◆ Problem to work on ◆
Check every line of the records below for the string "housing" and copy the ones that have it.

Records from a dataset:
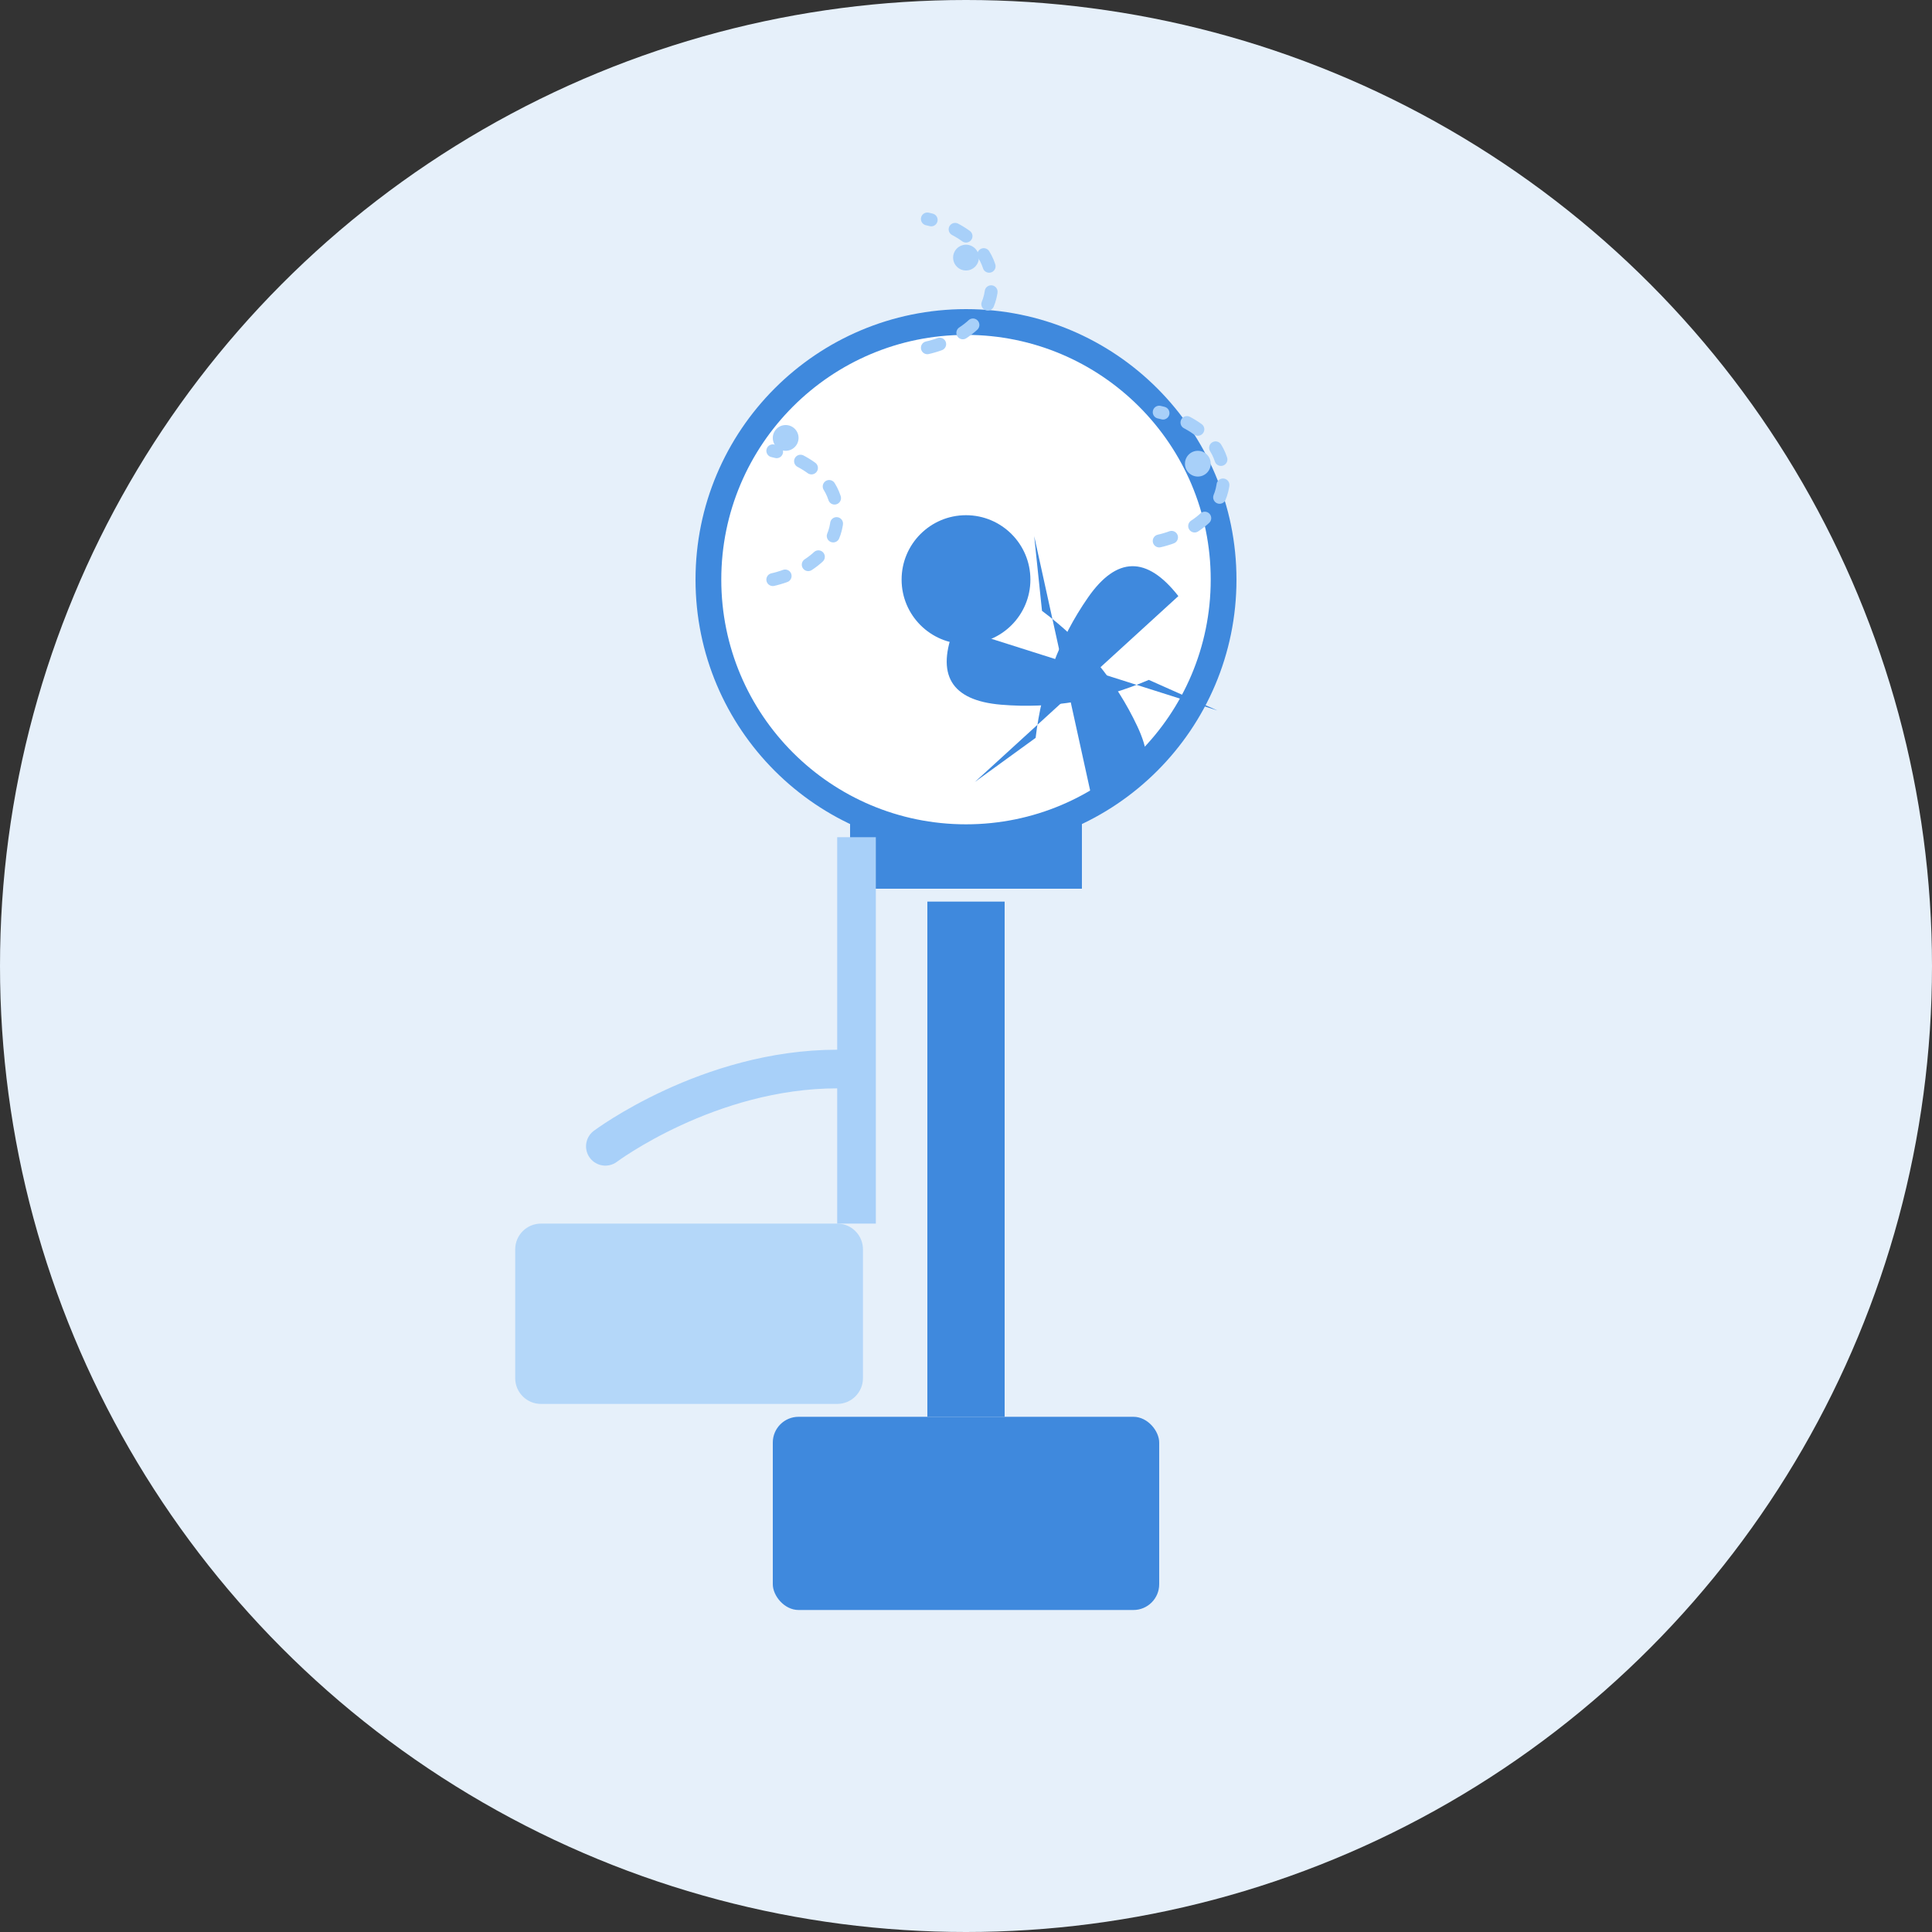 <?xml version="1.0" encoding="UTF-8"?>
<svg width="150px" height="150px" viewBox="0 0 150 150" version="1.1" xmlns="http://www.w3.org/2000/svg">
    <rect x="0" y="0" width="150" height="150" fill="#333333" stroke="none"/>
    <g id="ventilador-nebulizador" stroke="none" stroke-width="1" fill="none" fill-rule="evenodd">
        <circle id="base-bg" fill="#E6F0FA" cx="75" cy="75" r="75"></circle>
        <rect id="base" fill="#3F89DD" x="60" y="110" width="30" height="15" rx="2"></rect>
        <rect id="pole" fill="#3F89DD" x="72" y="70" width="6" height="40"></rect>
        <path d="M70,55 L80,55 C82.209,55 84,56.791 84,59 L84,69 L66,69 L66,59 C66,56.791 67.791,55 70,55 Z" id="motor-housing" fill="#3F89DD"></path>
        <circle id="fan-housing" stroke="#3F89DD" stroke-width="2" fill="#FFFFFF" cx="75" cy="45" r="20"></circle>
        <circle id="center" fill="#3F89DD" cx="75" cy="45" r="5"></circle>
        <path d="M75,45 L75,45 L92,58 C89.833,61.333 87.5,61.5 85,58.5 C82.5,55.5 80.833,52 80,48 L75,45 Z" id="blade1" fill="#3F89DD" transform="translate(83.500, 52.500) scale(-1, 1) rotate(-55) translate(-83.500, -52.500) "></path>
        <path d="M75,45 L75,45 L92,58 C89.833,61.333 87.5,61.5 85,58.5 C82.5,55.5 80.833,52 80,48 L75,45 Z" id="blade2" fill="#3F89DD" transform="translate(83.500, 52.500) scale(-1, 1) rotate(-175) translate(-83.500, -52.500) "></path>
        <path d="M75,45 L75,45 L92,58 C89.833,61.333 87.5,61.5 85,58.5 C82.5,55.5 80.833,52 80,48 L75,45 Z" id="blade3" fill="#3F89DD" transform="translate(83.500, 52.500) scale(-1, 1) rotate(-295) translate(-83.500, -52.500) "></path>
        <path d="M42,95 L65,95 C66.105,95 67,95.895 67,97 L67,107 C67,108.105 66.105,109 65,109 L42,109 C40.895,109 40,108.105 40,107 L40,97 C40,95.895 40.895,95 42,95 Z" id="water-tank" fill="#A8D0F9" opacity="0.8"></path>
        <rect id="tube" fill="#A8D0F9" x="65" y="65" width="3" height="30"></rect>
        <path d="M47,89 C47,89 55,83 65,83" id="tube-bend" stroke="#A8D0F9" stroke-width="3" stroke-linecap="round"></path>
        <path d="M60,45 L60,45 C60,45 65,44 65,40 C65,36 60,35 60,35" id="mist1" stroke="#A8D0F9" stroke-width="1" stroke-linecap="round" stroke-dasharray="1,2"></path>
        <path d="M90,42 L90,42 C90,42 95,41 95,37 C95,33 90,32 90,32" id="mist2" stroke="#A8D0F9" stroke-width="1" stroke-linecap="round" stroke-dasharray="1,2"></path>
        <path d="M72,27 L72,27 C72,27 77,26 77,22 C77,18 72,17 72,17" id="mist3" stroke="#A8D0F9" stroke-width="1" stroke-linecap="round" stroke-dasharray="1,2"></path>
        <circle id="droplet1" fill="#A8D0F9" cx="61" cy="34" r="1"></circle>
        <circle id="droplet2" fill="#A8D0F9" cx="93" cy="36" r="1"></circle>
        <circle id="droplet3" fill="#A8D0F9" cx="75" cy="20" r="1"></circle>
    </g>
</svg>

◆ Task response ◆
        <path d="M70,55 L80,55 C82.209,55 84,56.791 84,59 L84,69 L66,69 L66,59 C66,56.791 67.791,55 70,55 Z" id="motor-housing" fill="#3F89DD"></path>
        <circle id="fan-housing" stroke="#3F89DD" stroke-width="2" fill="#FFFFFF" cx="75" cy="45" r="20"></circle>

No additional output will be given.